Against this backdrop, the local leadership in this pilot project has come from the Fayette County Consolidated Office of Planning and Development. The county is experiencing relatively rapid growth and officials have two tools to direct and manage growth and development: 1) a Land Use Plan and county-wide zoning (Fayette is one of 30 counties in Tennessee with county-wide zoning); and 2) extension of water and sewer service, which enables the planning staff to manage direction and density of growth. Only 15% of the county population is on sewer, and zoning regulations require a one-acre minimum lot size if a septic tank must be used. While the Plan enumerates land use goals in only the broadest terms (e.g., "protection of agricultural land"), it serves as the logical vehicle for integrating future policies and initiatives related to conservation of biodiversity in Fayette County. To date, the strategy of the Tennessee Conservation League has been to encourage the formation of a citizens group in Fayette County that can work with TCL and the Wolf River Conservancy to educate and otherwise influence Fayette County government on issues related to conservation, quality of life values, and the availability of map-based information that can be used in goal setting and strategy formulation. The goal is to develop a county-wide conservation plan that complements the communitys comprehensive plan.

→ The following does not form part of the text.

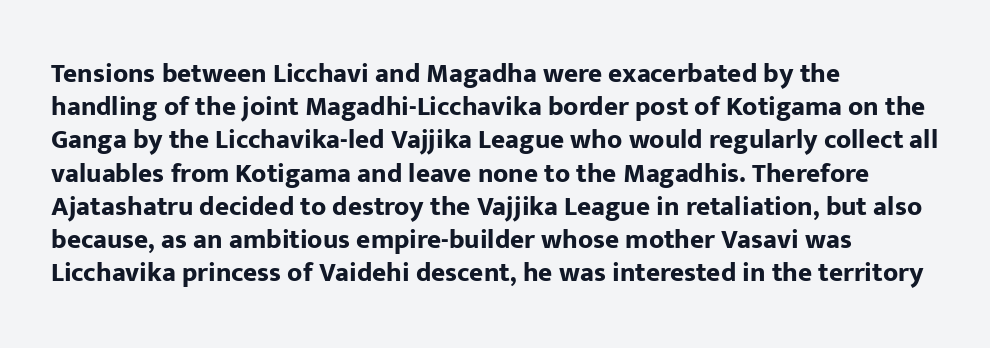
{"italic": "no", "bold": "yes", "underline": "no", "align": "left", "line_spacing_ratio": 1.23, "letter_spacing": "normal", "letter_spacing_em": 0.0, "glyph_px": 27}
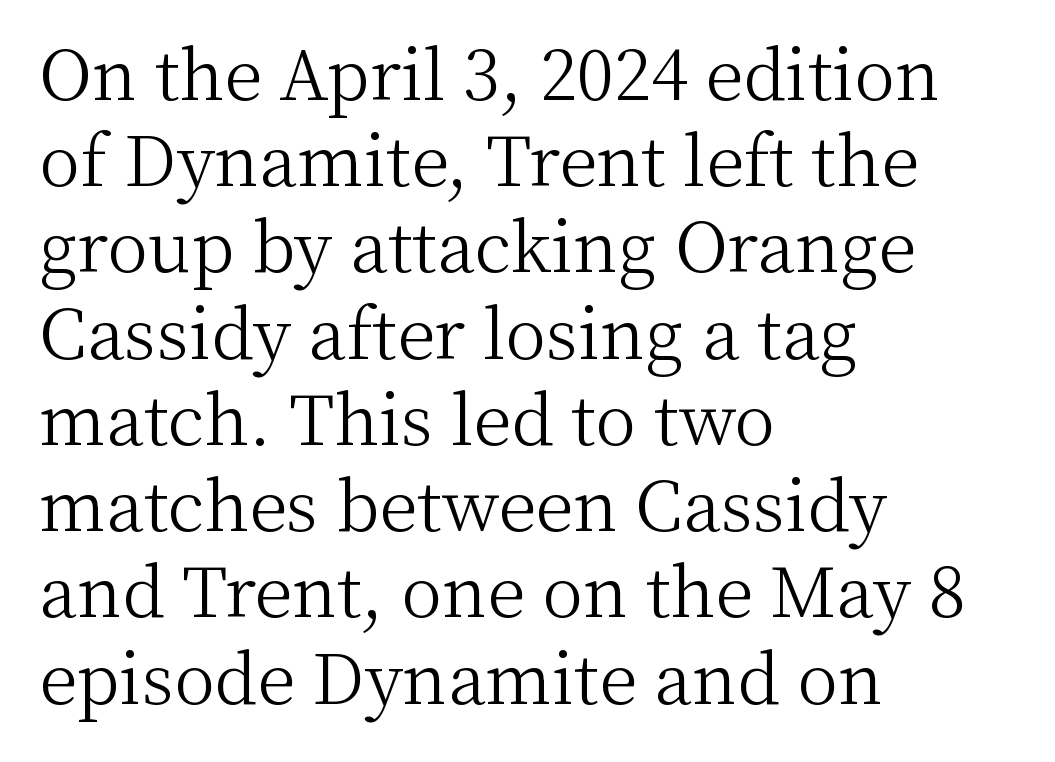
{"serif": "yes", "italic": "no", "bold": "no", "weight": "light", "width": "normal", "stroke_contrast": "medium", "x_height": "medium", "monospaced": "no", "underline": "no", "align": "left", "line_spacing": "normal", "line_spacing_ratio": 1.25, "letter_spacing": "normal", "letter_spacing_em": 0.0, "glyph_px": 69}

To support this effort, the Tennessee GAP data are being provided to the Fayette County Office of Planning and Development by the Tennessee Wildlife Resources Agency for planning purposes. Assistance from the National GAP Program is being provided to the county in the appropriate use of the data and in facilitating citizen input in the conservation planning process. Central to the success of this pilot is the demonstrated enthusiasm of the county government and the cooperation of NGOs. In the meantime, the immediate challenge is to educate residents and generate support for conservation planning in this county, which is undergoing a significant transition.